→ **YOUR ASSIGNMENT**
Omitting the pictures, output all of the records precisely as written.
(EXERCISE DATA)
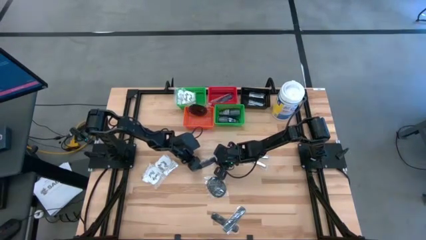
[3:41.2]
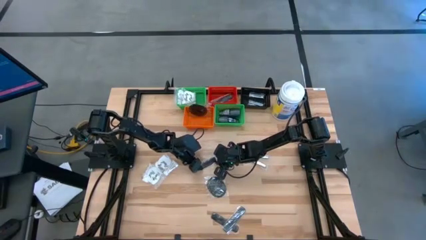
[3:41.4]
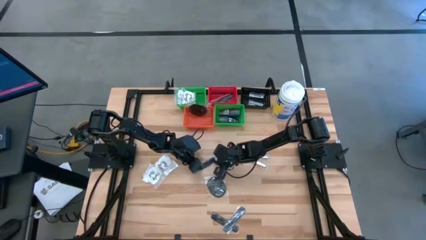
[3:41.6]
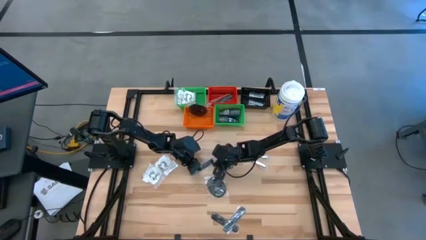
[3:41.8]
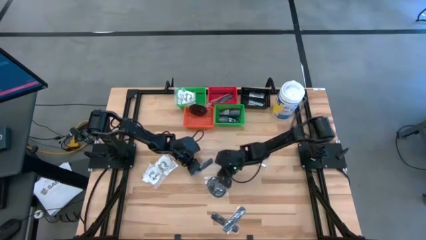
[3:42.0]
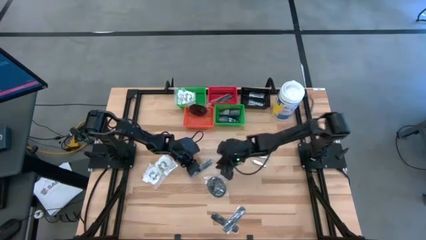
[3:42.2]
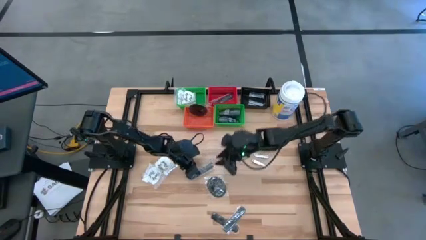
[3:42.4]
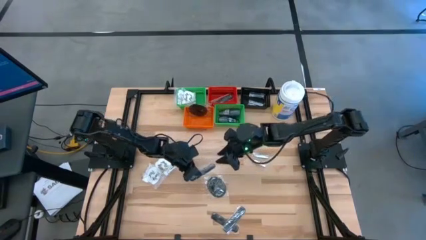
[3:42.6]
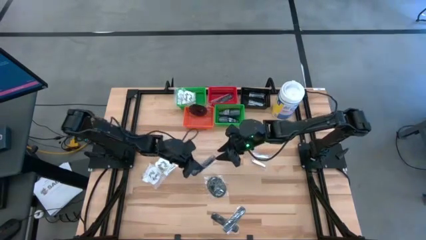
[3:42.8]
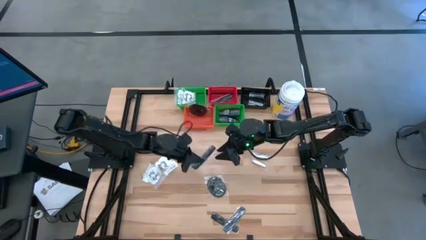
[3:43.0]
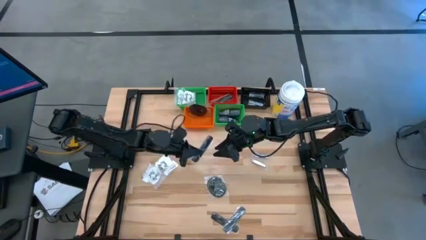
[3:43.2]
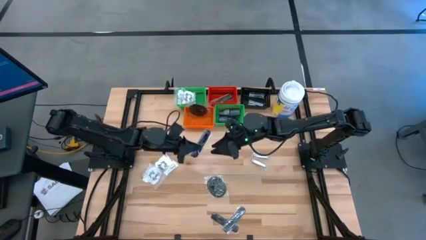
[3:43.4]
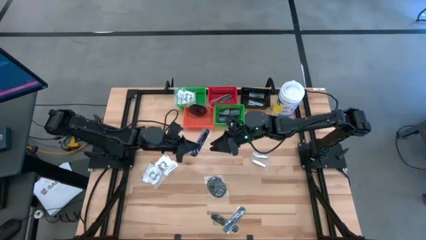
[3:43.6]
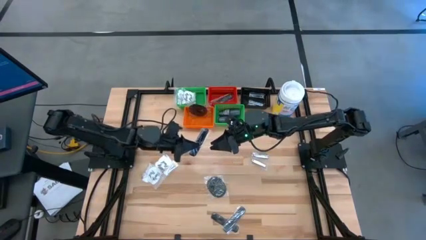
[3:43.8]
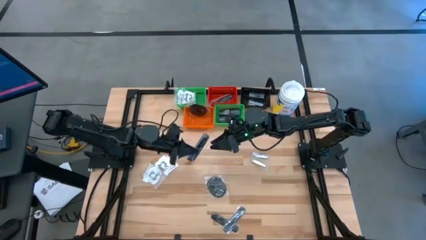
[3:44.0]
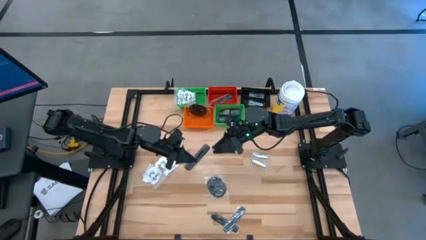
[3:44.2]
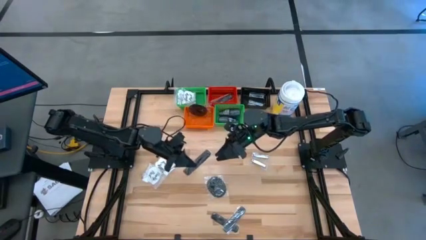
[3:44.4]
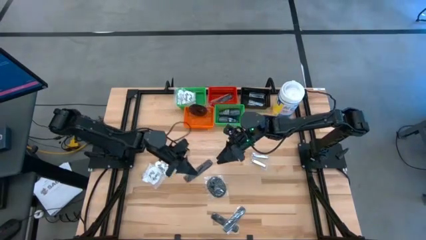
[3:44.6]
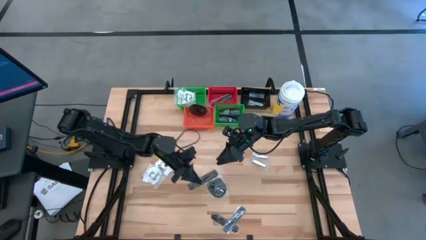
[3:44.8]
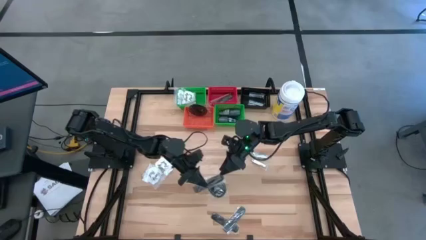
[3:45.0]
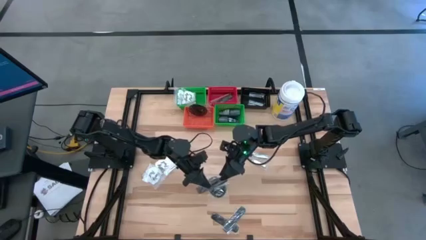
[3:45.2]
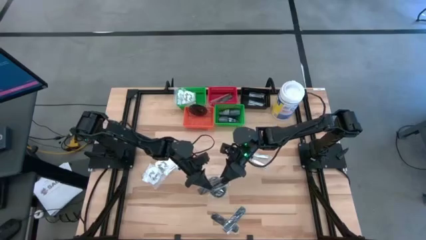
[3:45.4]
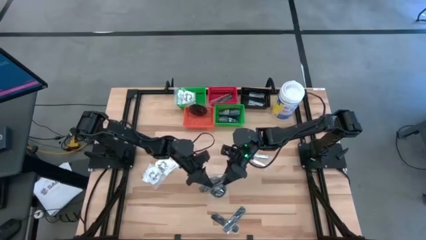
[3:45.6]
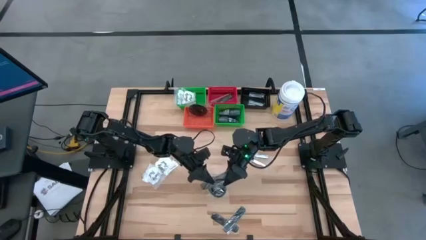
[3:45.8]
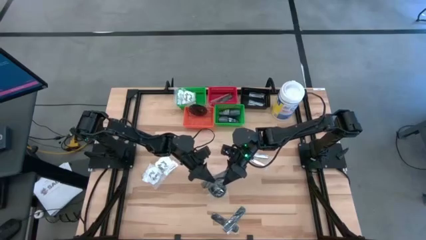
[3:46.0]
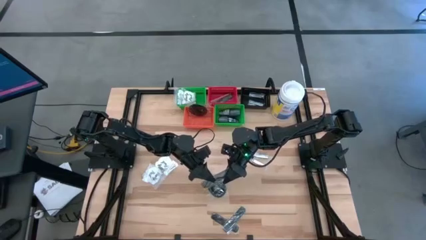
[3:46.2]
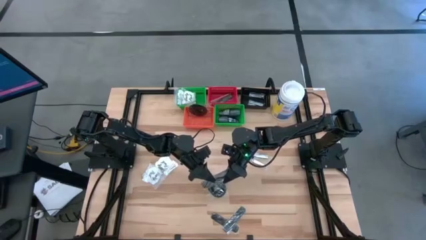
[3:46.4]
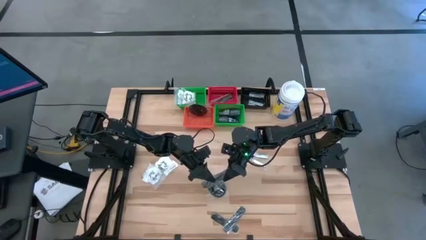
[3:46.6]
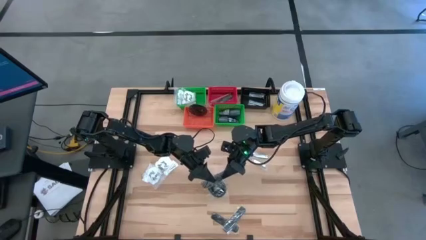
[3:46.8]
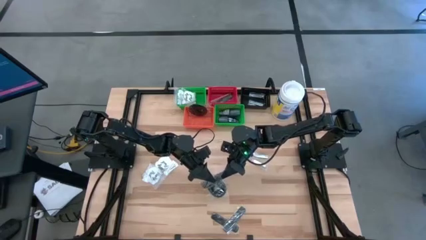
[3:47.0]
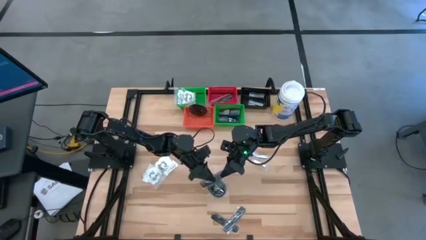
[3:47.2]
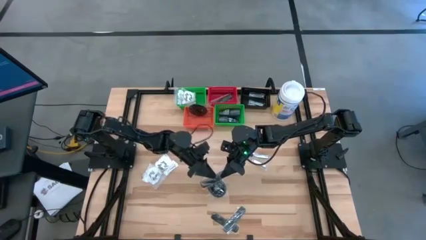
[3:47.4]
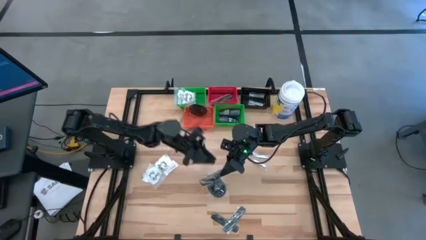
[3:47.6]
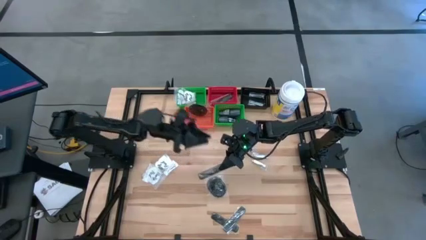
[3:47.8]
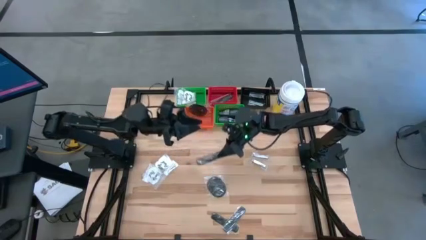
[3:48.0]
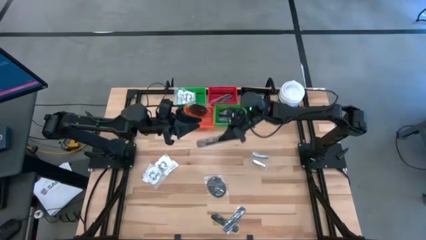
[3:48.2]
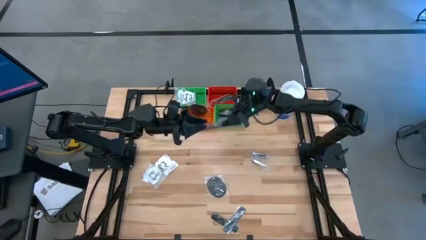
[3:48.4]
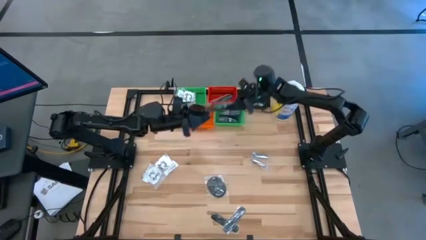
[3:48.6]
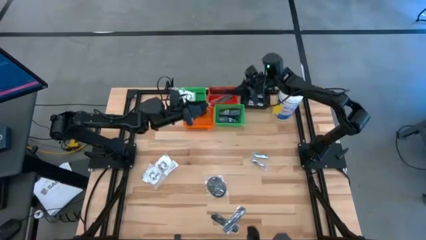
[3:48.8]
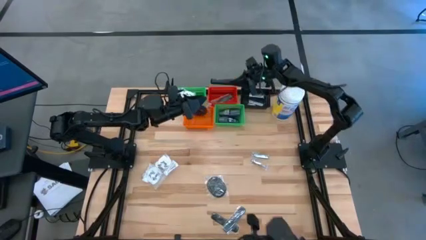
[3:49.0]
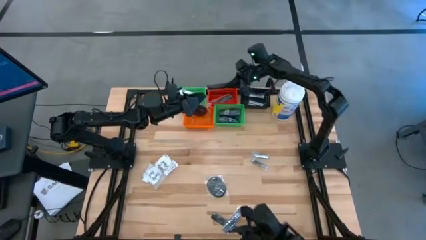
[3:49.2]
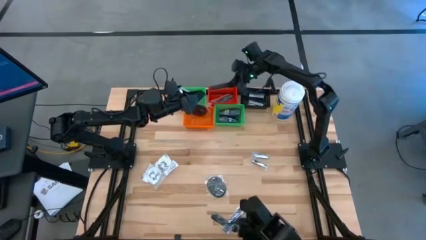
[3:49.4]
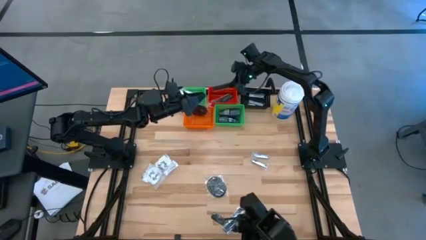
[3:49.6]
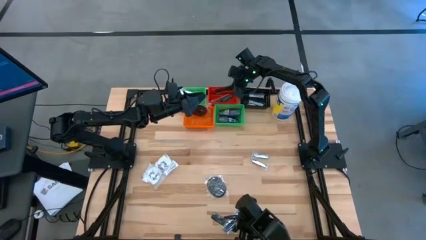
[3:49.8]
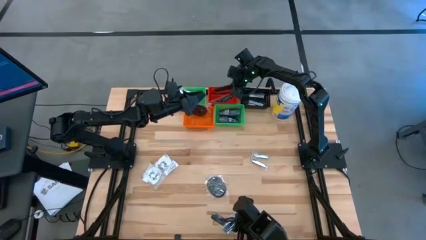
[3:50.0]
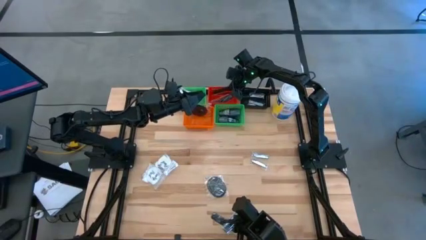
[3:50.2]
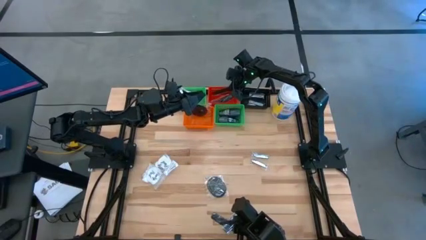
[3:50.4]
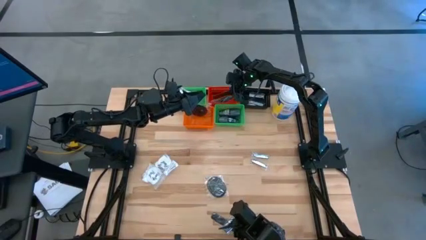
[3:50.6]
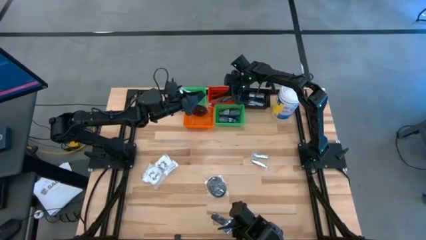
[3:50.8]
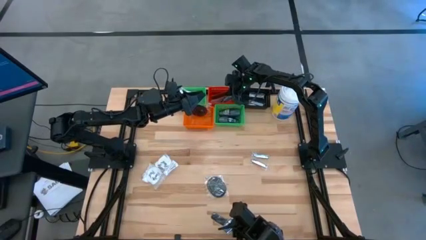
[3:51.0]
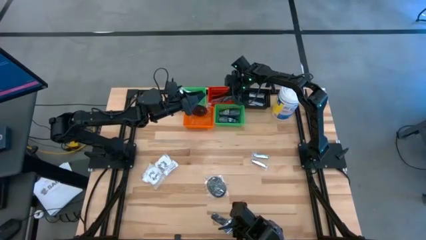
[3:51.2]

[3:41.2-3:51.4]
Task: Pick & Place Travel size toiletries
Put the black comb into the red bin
(End EXERCISE DATA)
→ **ANSWER TO THIS EXERCISE**
[3:41.2]
[3:41.4]
[3:41.6]
[3:41.8]
[3:42.0]
[3:42.2]
[3:42.4]
[3:42.6]
[3:42.8]
[3:43.0]
[3:43.2]
[3:43.4]
[3:43.6]
[3:43.8]
[3:44.0]
[3:44.2]
[3:44.4]
[3:44.6]
[3:44.8]
[3:45.0]
[3:45.2]
[3:45.4]
[3:45.6]
[3:45.8]
[3:46.0]
[3:46.2]
[3:46.4]
[3:46.6]
[3:46.8]
[3:47.0]
[3:47.2]
[3:47.4]
[3:47.6]
[3:47.8]
[3:48.0]
[3:48.2]
[3:48.4]
[3:48.6]
[3:48.8]
[3:49.0]
[3:49.2]
[3:49.4]
[3:49.6]
[3:49.8]
[3:50.0]
[3:50.2]
[3:50.4]
[3:50.6]
[3:50.8]
[3:51.0]
[3:51.2]

[3:41.2-3:51.4]
Task: Pick & Place Travel size toiletries
Put the black comb into the red bin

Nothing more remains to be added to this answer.